I received this morning. I hope it gives you a laugh.

Janis

>

> Q. What does HMO stand for?

> A. This is actually a variation of the phrase, " Hey, Moe! " Its roots go

> back to a concept pioneered by Doctor Moe , who discovered

> that a patient could be made to forget about the pain in his foot if

> he was poked hard enough in the eyes. Modern practice replaces the

> physical finger poke with hi-tech equivalents such as voice mail and

> referral slips, but the result remains the same.

>

> Q. Do all diagnostic procedures require pre-certification?

> A. No. Only those you need.

>

> Q. I just joined a new HMO. How difficult will it be to choose the

> doctor I want?

> A. Just slightly more difficult than choosing your parents. Your

> insurer will provide you with a book listing all the doctors who were

> participating in the plan at the time the information was gathered.

> These doctors basically fall into two categories -- those who are no

> longer accepting new patients, and those who will see you but are no

> longer part of the plan. But don't worry -- the remaining doctor who

> is still in the plan and accepting new patients has an office just a

> half day's drive away!

>

> Q. What are pre-existing conditions?

> A. This is a phrase used by the grammatically challenged when they

> want to talk about existing conditions. Unfortunately, we appear

> to be pre-stuck with it.

>

> Q. Well, can I get coverage for my pre-existing conditions?

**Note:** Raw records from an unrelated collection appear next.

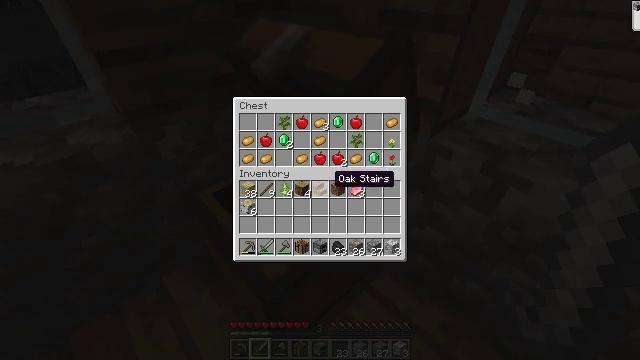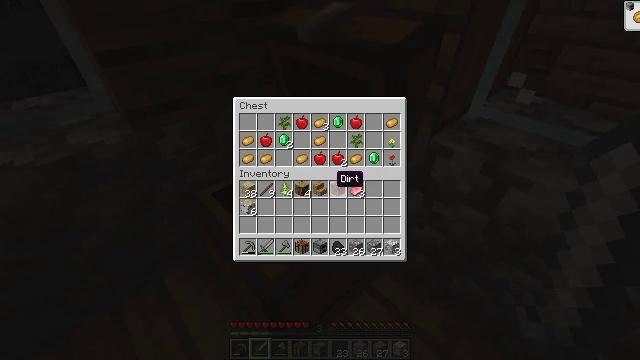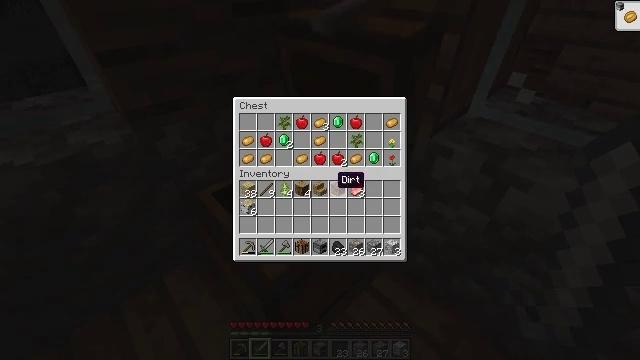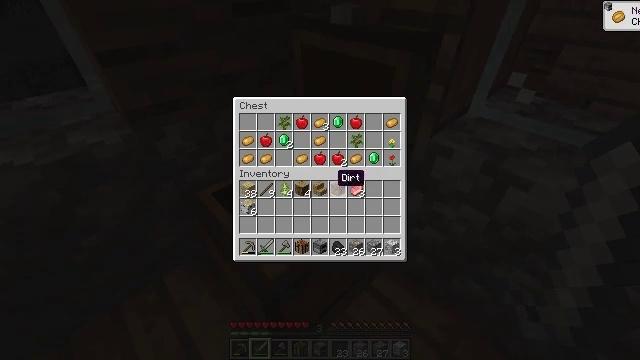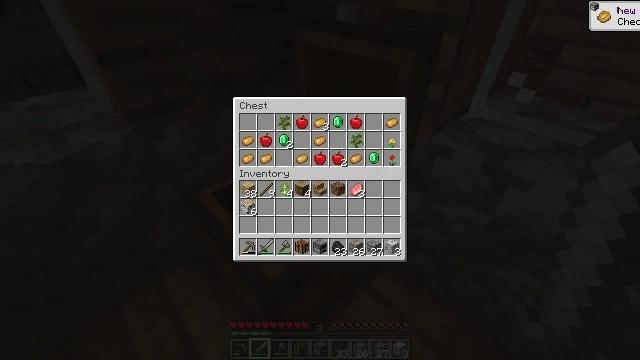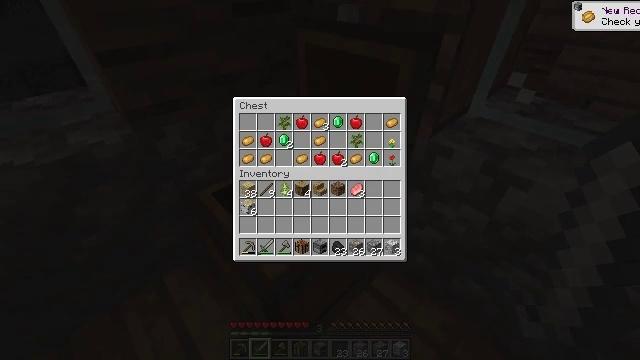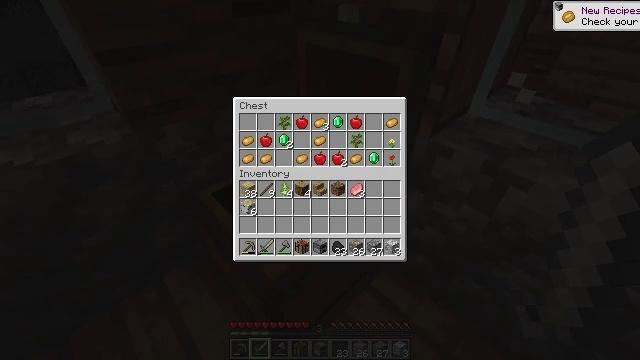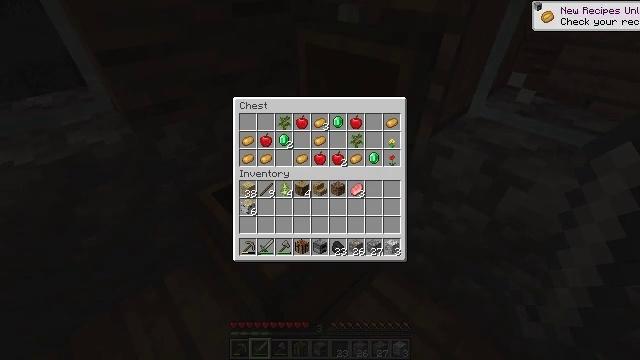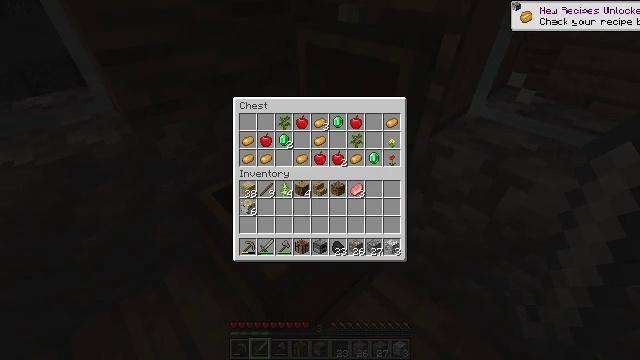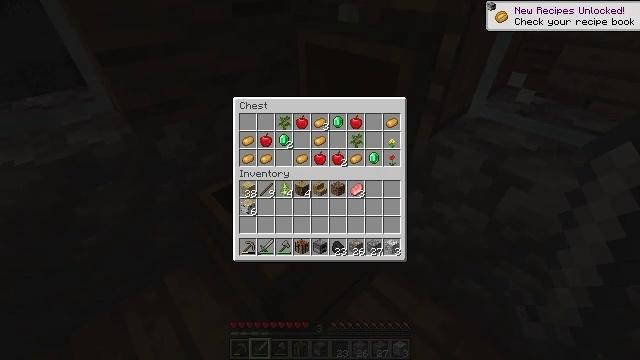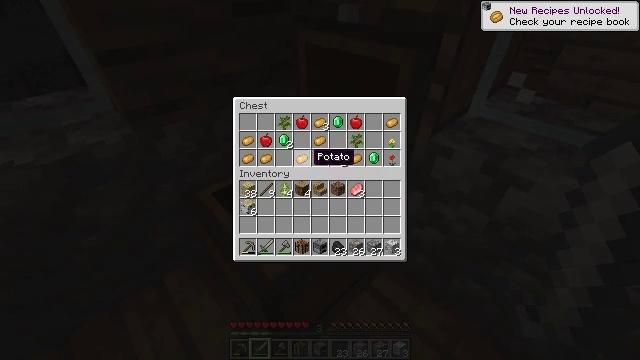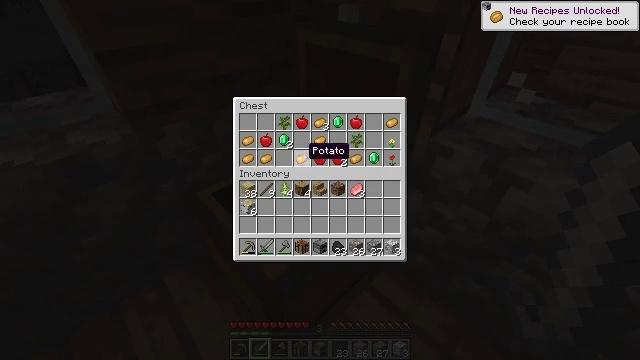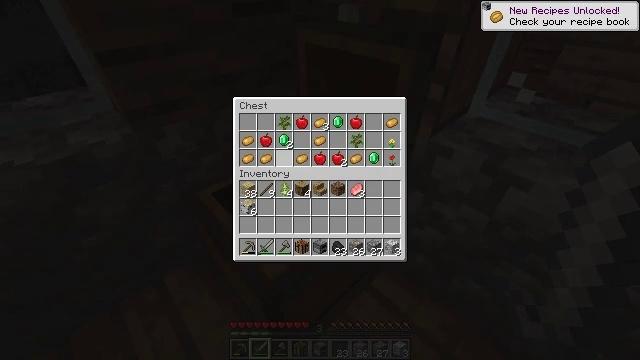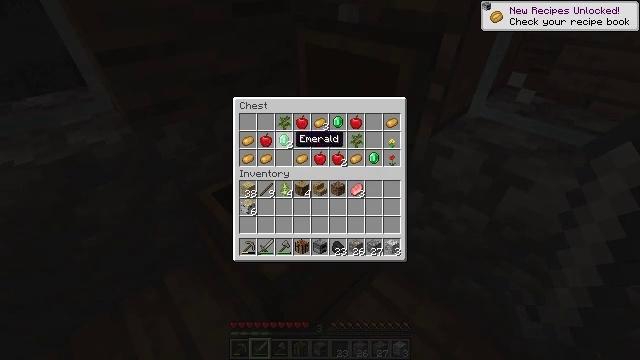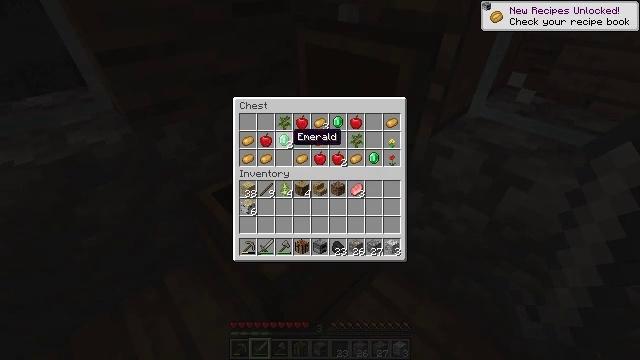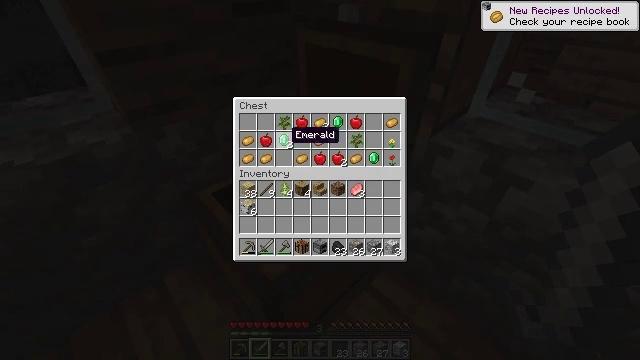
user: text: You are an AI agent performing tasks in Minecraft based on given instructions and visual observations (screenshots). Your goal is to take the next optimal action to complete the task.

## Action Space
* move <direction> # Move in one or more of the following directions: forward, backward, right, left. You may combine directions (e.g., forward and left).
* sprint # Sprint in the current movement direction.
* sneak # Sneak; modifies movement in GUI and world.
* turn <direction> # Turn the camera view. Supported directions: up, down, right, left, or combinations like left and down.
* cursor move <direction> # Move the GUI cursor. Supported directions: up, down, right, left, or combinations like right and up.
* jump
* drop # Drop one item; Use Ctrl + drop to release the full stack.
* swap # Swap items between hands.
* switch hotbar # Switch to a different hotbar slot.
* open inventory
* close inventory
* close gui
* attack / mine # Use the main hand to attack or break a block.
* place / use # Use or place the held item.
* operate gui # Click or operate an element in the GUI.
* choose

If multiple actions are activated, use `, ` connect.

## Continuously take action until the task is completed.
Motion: motion action
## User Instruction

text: Mine the yellow bed to pick it up.
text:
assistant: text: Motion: no_op
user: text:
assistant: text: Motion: no_op
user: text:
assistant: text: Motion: no_op
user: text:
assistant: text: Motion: cursor move up
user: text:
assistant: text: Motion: cursor move left
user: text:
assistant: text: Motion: no_op
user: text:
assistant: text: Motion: no_op
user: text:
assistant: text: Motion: no_op
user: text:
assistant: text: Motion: no_op
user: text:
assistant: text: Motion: no_op
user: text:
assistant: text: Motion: no_op
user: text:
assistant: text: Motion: cursor move left and up
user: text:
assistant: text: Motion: no_op
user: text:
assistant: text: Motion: no_op
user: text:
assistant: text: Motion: no_op
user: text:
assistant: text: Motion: no_op
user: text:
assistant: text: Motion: no_op
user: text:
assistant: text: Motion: no_op
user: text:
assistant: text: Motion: no_op
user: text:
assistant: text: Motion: no_op
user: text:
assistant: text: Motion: turn left and down, close gui
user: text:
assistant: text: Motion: turn left and down
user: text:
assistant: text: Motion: turn left and down
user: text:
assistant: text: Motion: turn left and down
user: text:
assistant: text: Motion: turn left and down
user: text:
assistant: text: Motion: turn left
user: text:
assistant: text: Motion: no_op
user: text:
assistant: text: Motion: no_op
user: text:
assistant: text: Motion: turn left and up
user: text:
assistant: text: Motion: turn left and up
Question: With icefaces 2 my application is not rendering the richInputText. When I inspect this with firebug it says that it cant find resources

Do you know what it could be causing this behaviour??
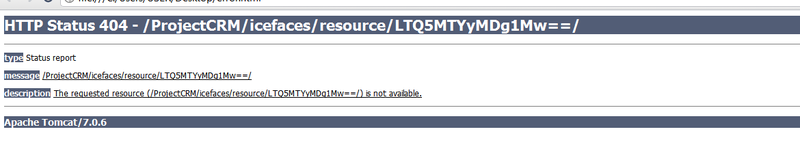
Answer: Solved by adding a extra mapping to the web.xml
'''
<servlet-mapping>
<servlet-name>Faces Servlet</servlet-name>
<url-pattern>*.jsf</url-pattern>
</servlet-mapping>
'''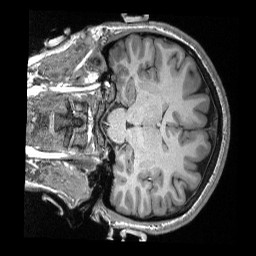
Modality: T1w
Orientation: coronal
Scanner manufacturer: siemens
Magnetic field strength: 3 T
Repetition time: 2.3 s
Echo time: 0.00308 s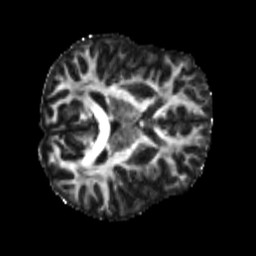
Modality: FA
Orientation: axial
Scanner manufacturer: siemens
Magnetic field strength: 3 T
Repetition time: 4 s
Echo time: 0.0594 s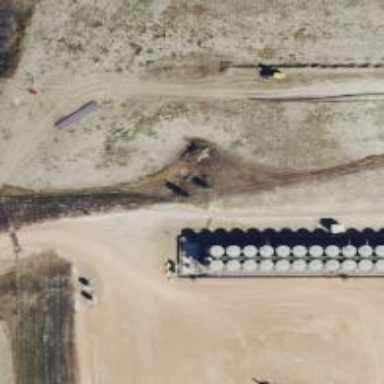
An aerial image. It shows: Storage tank that is man-made.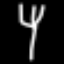
Label: fork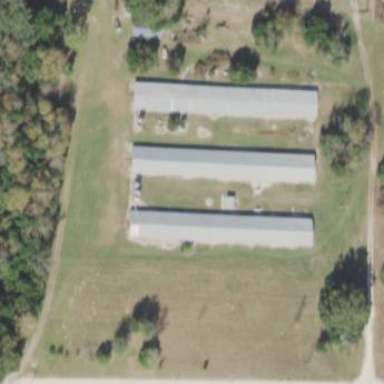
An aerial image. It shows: Poultry farmyard is depicted in the image.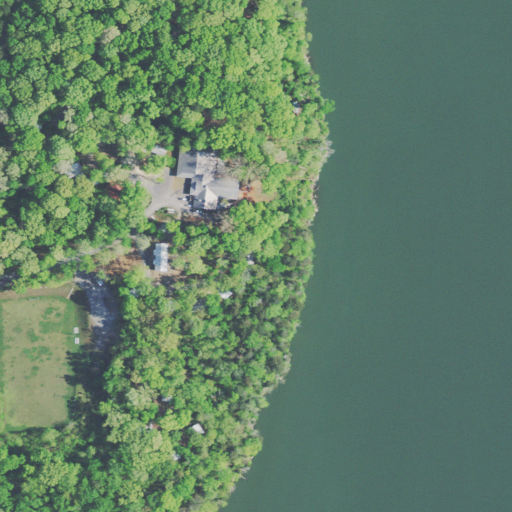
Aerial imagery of cliff(s) in Tennessee named Hobo Bluff containing deciduous forest, open water, grassland, pasture, shrub, medium intensity development, and herbaceous wetlands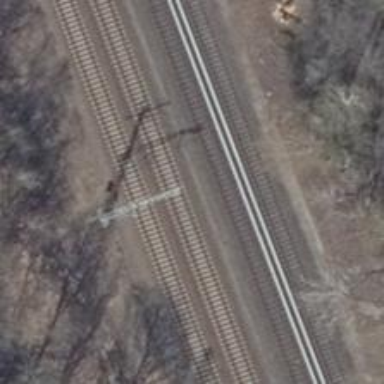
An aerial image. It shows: Milestone along the railway with catenary mast.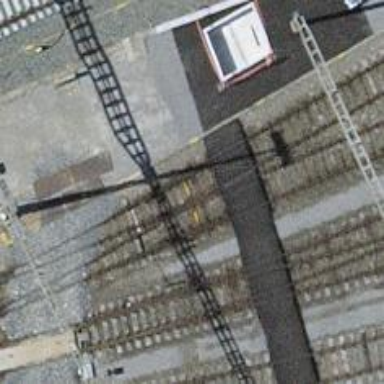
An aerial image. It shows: Single-track electrified railway yard with contact line electrification.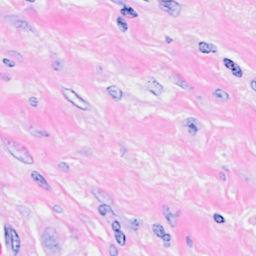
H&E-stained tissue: Breast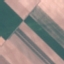
Land use / land cover class: AnnualCrop

> A. Certainly, as long as they don't require any treatment.

>

> Q. What happens if I want to try alternative forms of medicine?

> A. You'll need to find alternative forms of payment.

>

> Q. My pharmacy plan only covers generic drugs, but I need the name

> brand. I tried the generic medication, but it gave me a stomach

> ache. What should I do?

> A. Poke yourself in the eye.

>

> Q. I have an 80/20 plan with a $200 deductible and a $2,000 yearly

> cap. My insurer reimbursed the doctor for my out-patient surgery,

> but I'd already paid my bill. What should I do?

> A. You have two choices. Your doctor can sign the reimbursement

> check over to you, or you can ask him to invest the money for you in

> one of those great offers that only doctors and dentists hear about,

> like windmill farms or frog hatcheries.

>

> Q. What should I do if I get sick while traveling?

> A. Try sitting in a different part of the bus.

>

> Q. No, I mean what if I'm away from home and I get sick?

> A. You really shouldn't do that. You'll have a hard time seeing

> your primary care physician. It's best to wait until you return,

> and then get sick.

>

> Q. I think I need to see a specialist, but my doctor insists he can

> handle my problem. Can a general practitioner really perform a

> heart transplant right in his office?

> A. Hard to say, but considering that all you're risking is the $10

> co-payment, there's no harm giving him a shot at it.

>

> Q. What accounts for the largest portion of health care costs?

> A. Doctors trying to recoup their investment losses.

>

> Q. Will health care be any different in the next century?

> A. No, but if you call right now, you might get an appointment by then.